The computation time highly depends on the data size.
python scripts/generate_weight.py \
--mode cm \
-i datasets/RF00234/RF00234_unique_seed_removed_notrunc_traceback_onehot_cm_train.h5 \
--threshold 0.1
# real 1m57.974s
# user 1m7.283s
# sys 1m15.031s
train.py
trains a VAE model, generates config file of training, and optionally generates log/checkpoint files.
help of `scripts/train.py`
usage: train.py [-h] --data_dir DATA_DIR --X_train X_TRAIN --w_train W_TRAIN
--X_valid X_VALID --w_valid W_VALID [--suffix SUFFIX]
[--hidden HIDDEN] [--z_dim Z_DIM] [--stride STRIDE]
[--ker1 KER1] [--ch1 CH1] [--ker2 KER2] [--ch2 CH2]
[--ker3 KER3] [--ch3 CH3] [--beta BETA] [--use_anneal]
[--anneal_saturate_rate ANNEAL_SATURATE_RATE]
[--anneal_rate ANNEAL_RATE] [--batch_size BATCH_SIZE]
[--epoch EPOCH] [-lr LEARNING_RATE] [--clip CLIP]
[--only_training] [--use_early_stopping]
[--tolerance TOLERANCE] [--save_ckpt] [--ckpt_iter CKPT_ITER]
[--random_seed RANDOM_SEED] [--log] [--log_dir LOG_DIR]
[--print_every PRINT_EVERY]
optional arguments:
-h, --help show this help message and exit
--data_dir DATA_DIR directory containing X_train etc.
--X_train X_TRAIN file name of training data
--w_train W_TRAIN file name of weight for training data
--X_valid X_VALID file name of validation data
--w_valid W_VALID file name of weight for validation data
--suffix SUFFIX suffix of output file name
--hidden HIDDEN dimension of hidden space flanking latent space
(default: 128)
--z_dim Z_DIM dimension of latent space (default: 16)
--stride STRIDE stride parameter of all convs (default: 1)
--ker1 KER1 kernel size parameter of 1st conv (default: 5)
--ch1 CH1 channel num parameter of 1st conv (default: 5)
--ker2 KER2 kernel parameter of 2nd conv (default: 5)
--ch2 CH2 channel num parameter of 2nd conv (default: 5)
--ker3 KER3 kernel parameter of 3rd conv (default: 7)
--ch3 CH3 channel num parameter of 3rd conv (default: 8)
--beta BETA maximum weight of KL divergence
--use_anneal flag for cyclic annealing for KL divergence
--anneal_saturate_rate ANNEAL_SATURATE_RATE
maximum rate for cyclic annealing (default: 0.4)
--anneal_rate ANNEAL_RATE
number of iteration for one increment of annealing
(default: 1)
--batch_size BATCH_SIZE
batch size (defailt: 8)
--epoch EPOCH maximum epochs (default: 200)
-lr LEARNING_RATE, --learning_rate LEARNING_RATE
learning rate (default: 1e-3)
--clip CLIP clipping value (default: 20)
--only_training only training
--use_early_stopping flag for early stopping
--tolerance TOLERANCE
tolerance for early stopping (default: 3)
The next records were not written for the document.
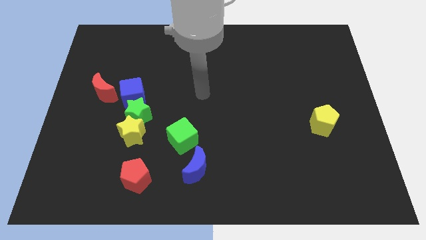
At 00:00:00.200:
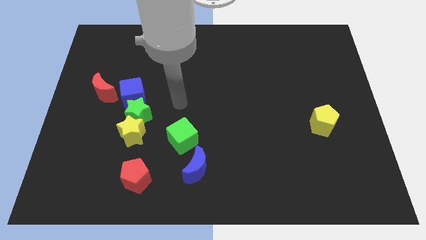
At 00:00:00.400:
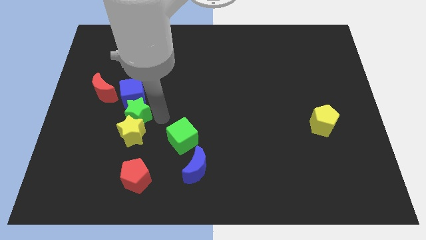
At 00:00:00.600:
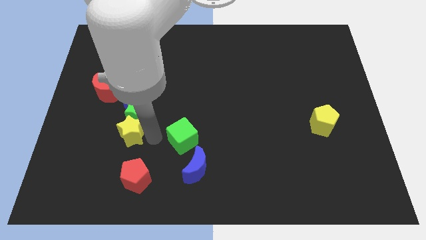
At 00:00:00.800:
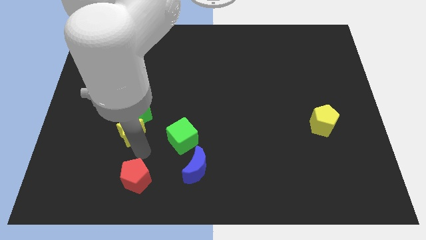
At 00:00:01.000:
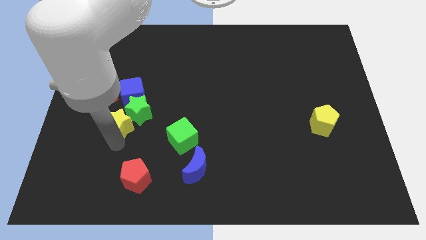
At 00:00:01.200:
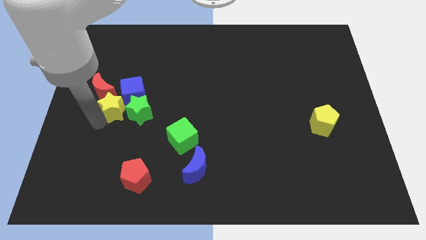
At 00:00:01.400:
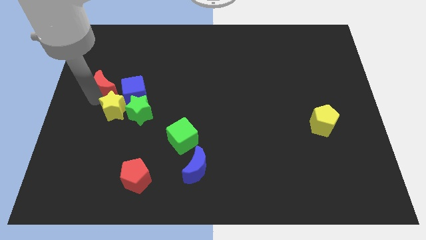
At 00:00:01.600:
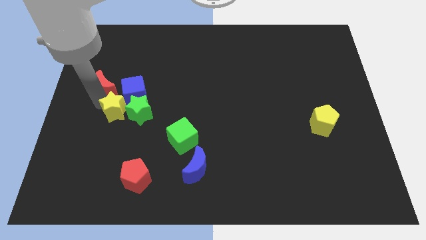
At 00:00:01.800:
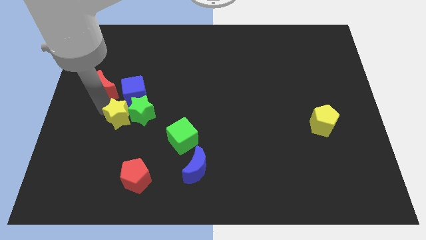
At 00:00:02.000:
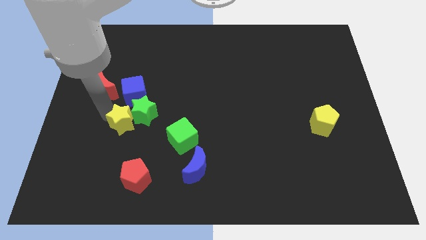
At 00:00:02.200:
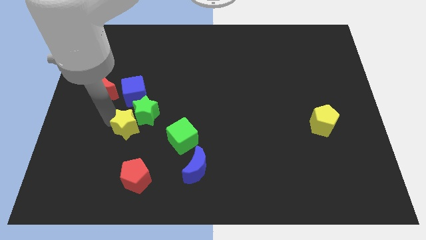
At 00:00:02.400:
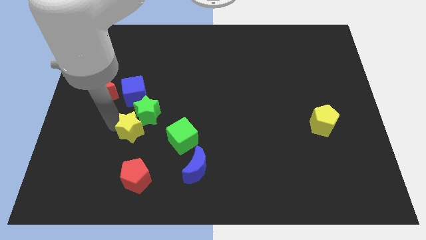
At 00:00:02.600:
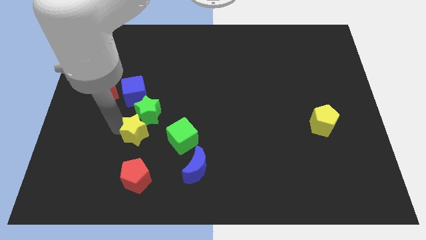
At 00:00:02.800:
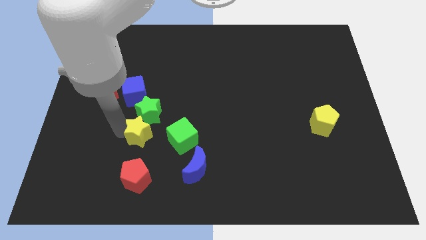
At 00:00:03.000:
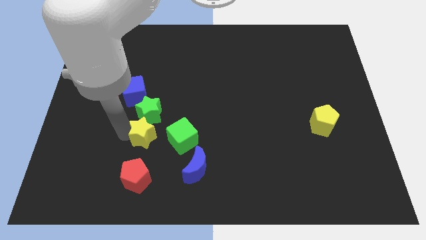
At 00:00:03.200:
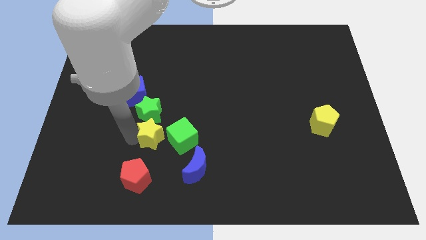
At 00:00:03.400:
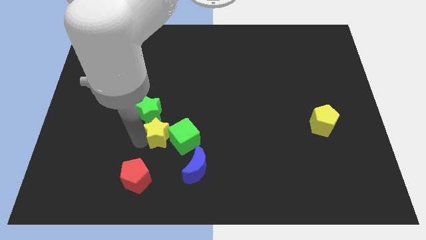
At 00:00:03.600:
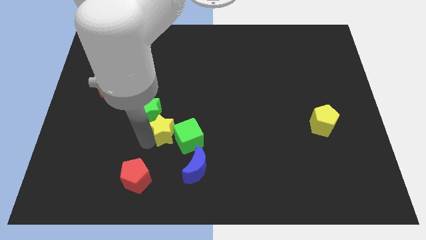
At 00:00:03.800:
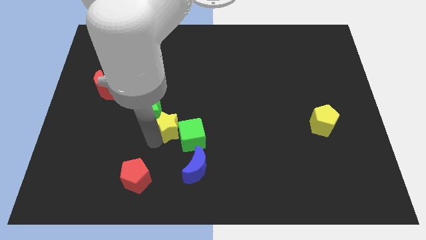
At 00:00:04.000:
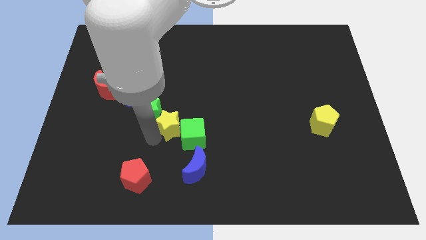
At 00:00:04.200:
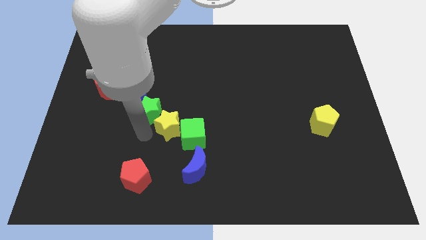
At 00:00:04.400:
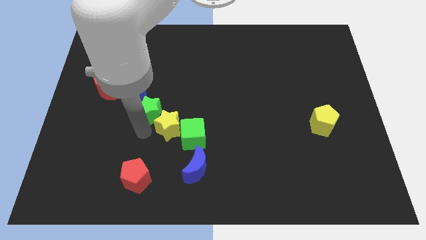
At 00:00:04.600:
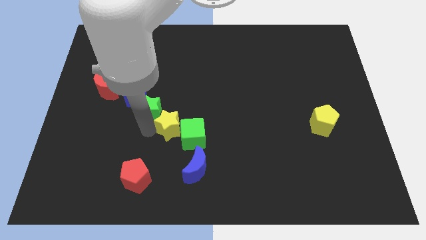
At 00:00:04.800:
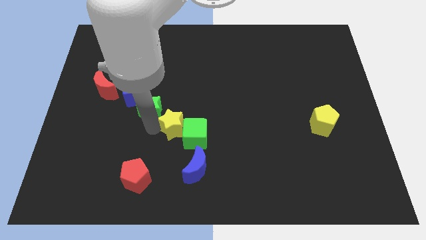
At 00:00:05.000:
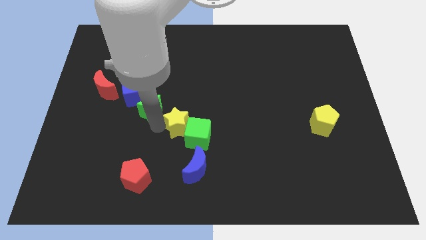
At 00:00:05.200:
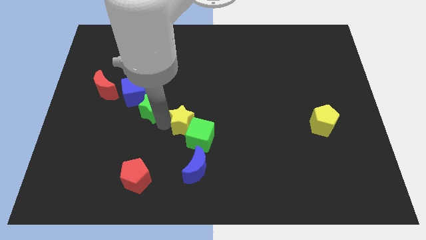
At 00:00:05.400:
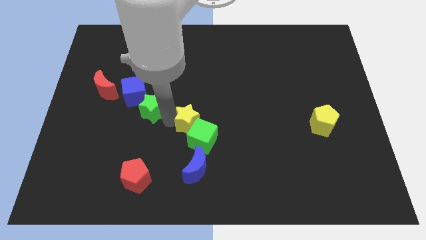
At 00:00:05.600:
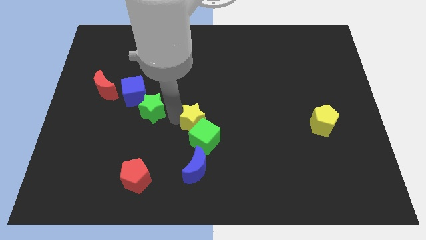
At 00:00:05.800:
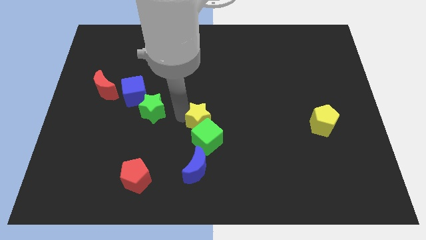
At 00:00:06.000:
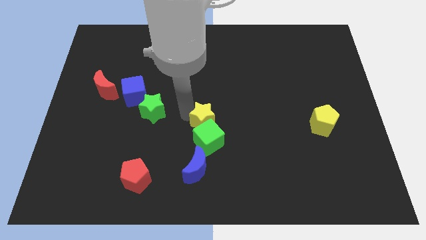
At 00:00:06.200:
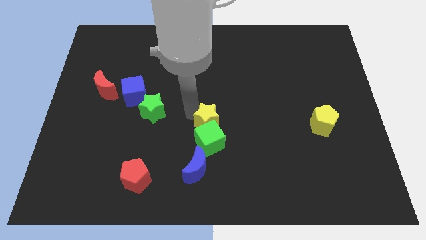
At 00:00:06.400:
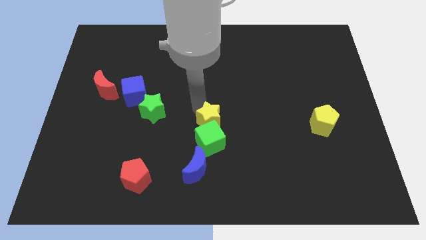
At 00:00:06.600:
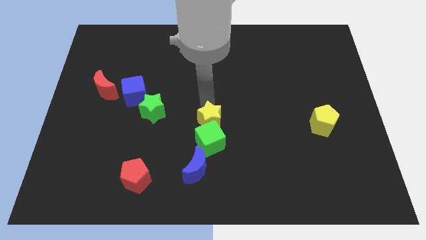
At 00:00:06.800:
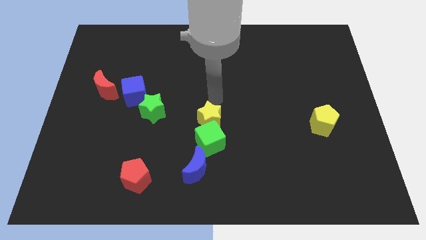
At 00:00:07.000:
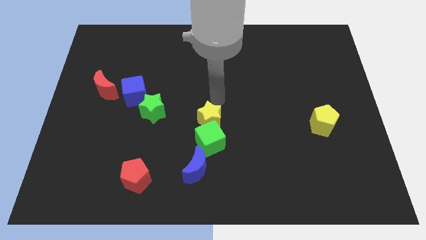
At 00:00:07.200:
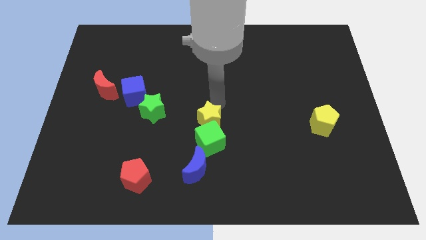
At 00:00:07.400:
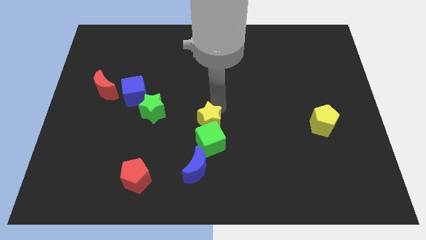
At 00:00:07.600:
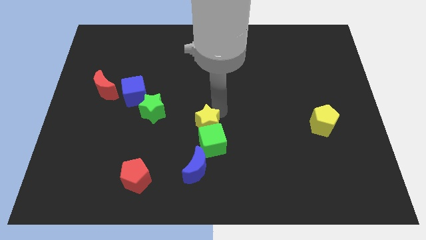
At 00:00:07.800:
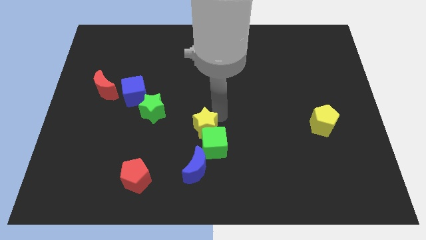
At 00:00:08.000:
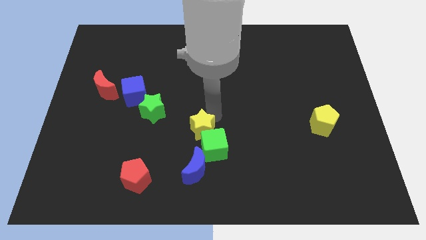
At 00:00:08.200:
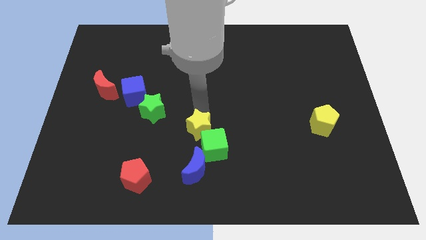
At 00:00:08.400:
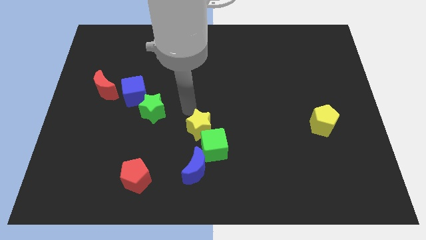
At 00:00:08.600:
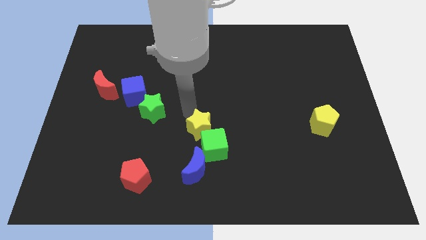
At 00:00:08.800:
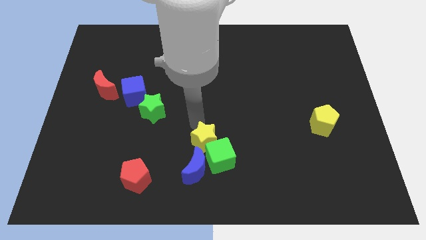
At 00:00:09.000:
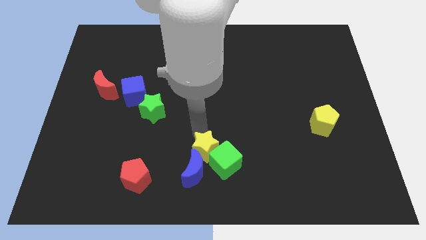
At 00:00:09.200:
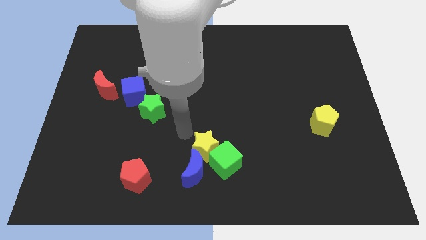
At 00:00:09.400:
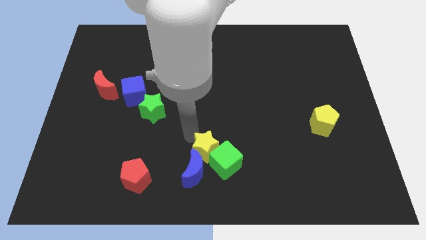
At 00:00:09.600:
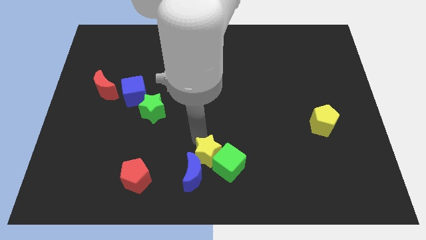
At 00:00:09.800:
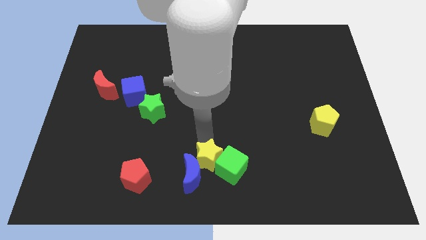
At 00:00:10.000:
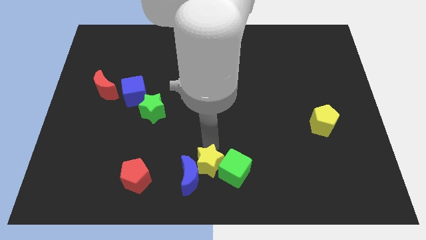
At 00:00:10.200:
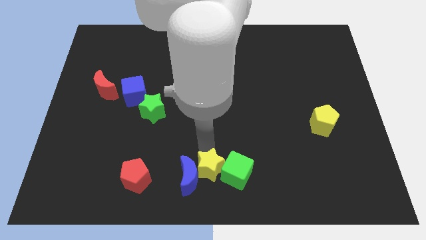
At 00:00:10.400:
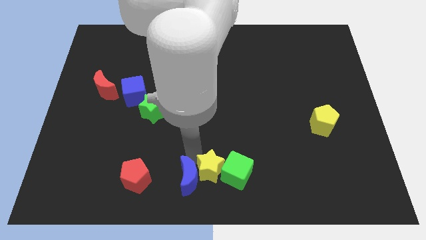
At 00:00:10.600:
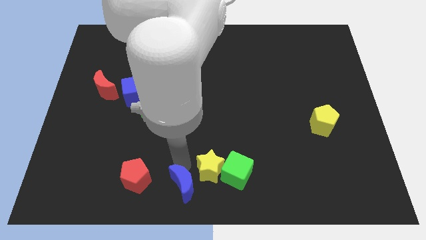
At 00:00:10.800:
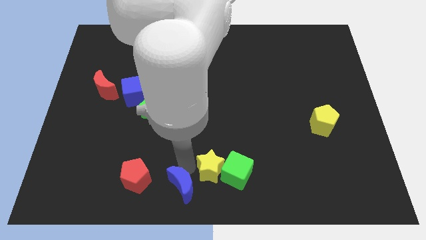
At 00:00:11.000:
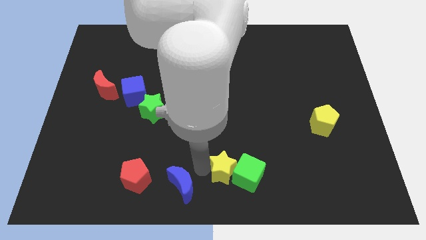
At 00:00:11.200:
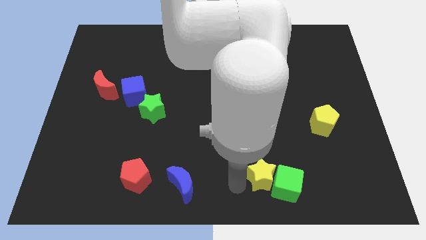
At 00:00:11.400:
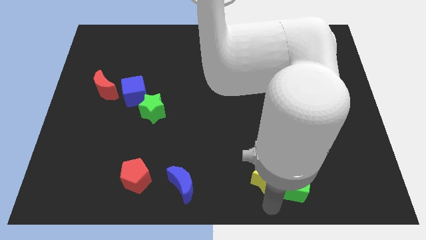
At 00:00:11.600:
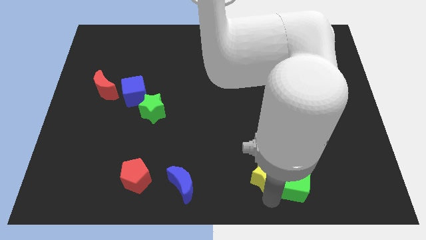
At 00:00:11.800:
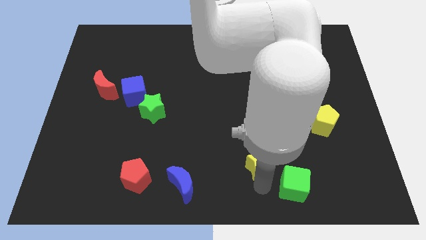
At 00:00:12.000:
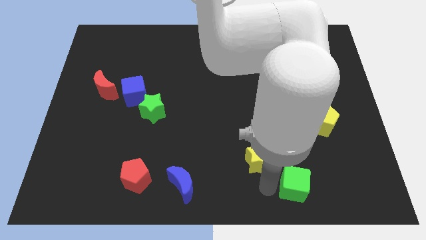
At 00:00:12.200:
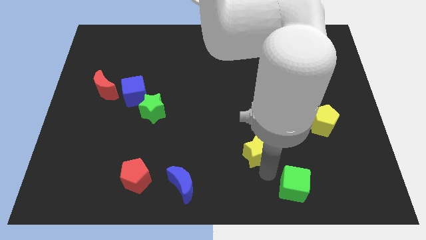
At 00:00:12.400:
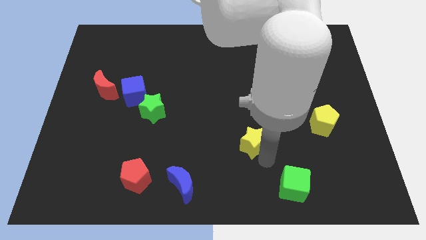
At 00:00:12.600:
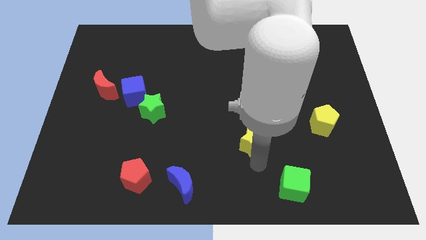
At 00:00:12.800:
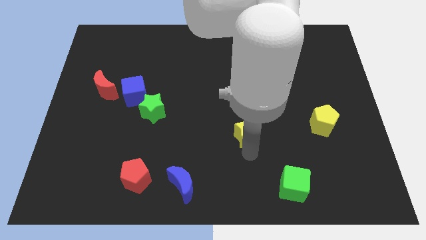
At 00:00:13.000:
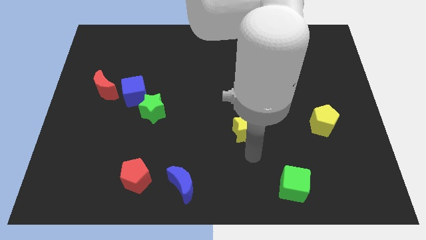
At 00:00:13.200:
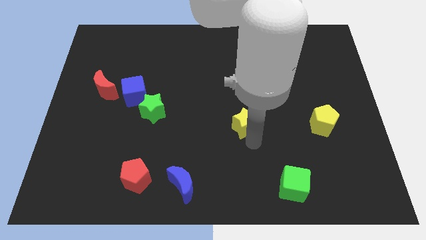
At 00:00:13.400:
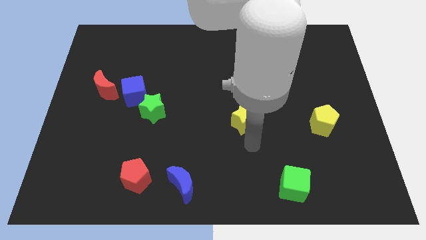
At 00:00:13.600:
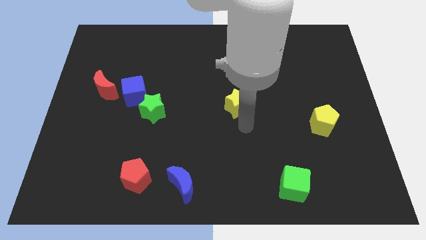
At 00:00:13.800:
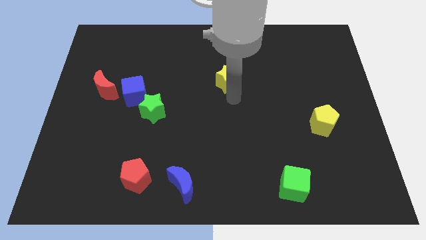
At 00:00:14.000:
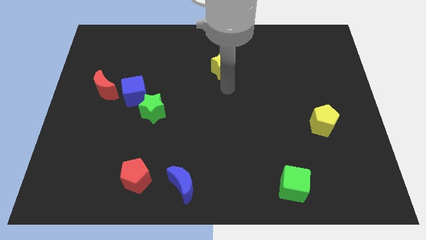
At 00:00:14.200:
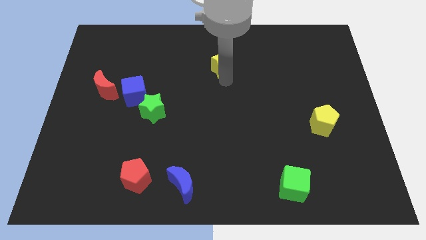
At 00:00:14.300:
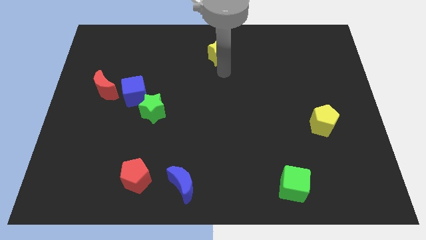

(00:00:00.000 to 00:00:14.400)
move the yellow star to the top side

--save_ckpt flag for checkpoint saving
--ckpt_iter CKPT_ITER
save checkpoint every this iteration (default: 3)
--random_seed RANDOM_SEED
--log flag for log
--log_dir LOG_DIR directory for log output
--print_every PRINT_EVERY
iteration num to print log of learning (default: 20)
Example:
python scripts/train.py \
--data_dir datasets/RF00234 \
--X_train RF00234_unique_seed_removed_notrunc_traceback_onehot_cm_train.h5 \
--w_train RF00234_unique_seed_removed_notrunc_traceback_onehot_cm_train_weight_threshold0p1.h5 \
--X_valid RF00234_unique_seed_removed_notrunc_traceback_onehot_cm_valid.h5 \
--w_valid RF00234_unique_seed_removed_notrunc_traceback_onehot_cm_valid_weight_threshold0p1.h5 \
--epoch 3 \
--beta 1e-3 --use_anneal --use_early_stopping \
--log --log_dir ./outputs/RF00234
# real 0m16.900s
# user 0m12.500s
# sys 0m3.155s
scripts/sampling_from_gauss.py
generates sequences from normal distribution in latent space. You need to input model params, config, and cmfile.
Generation runs very fast unless the cmfile is very long.
python scripts/sampling_from_gauss.py \
--config ./outputs/RF00234/config.yaml \
--ckpt ./outputs/RF00234/model_epoch3.pt \
--cmfile ./datasets/RF00234/RF00234.cm \
--outfasta ./outputs/RF00234/sampled_5seq.fa \
--n_samples 5
# real 0m7.447s
# user 0m6.201s
# sys 0m0.635s
conda env create -f requirements_bayesiankin.yaml
see more details in /notebooks/bayesiankinetics/kinetics_analysis_bypyro.ipynb
It takes less than 1 day to estimate the kinetics of 2000 sequences x2 replicates with SVI.
The NGS data are available on PRJNA1044007 of SRA.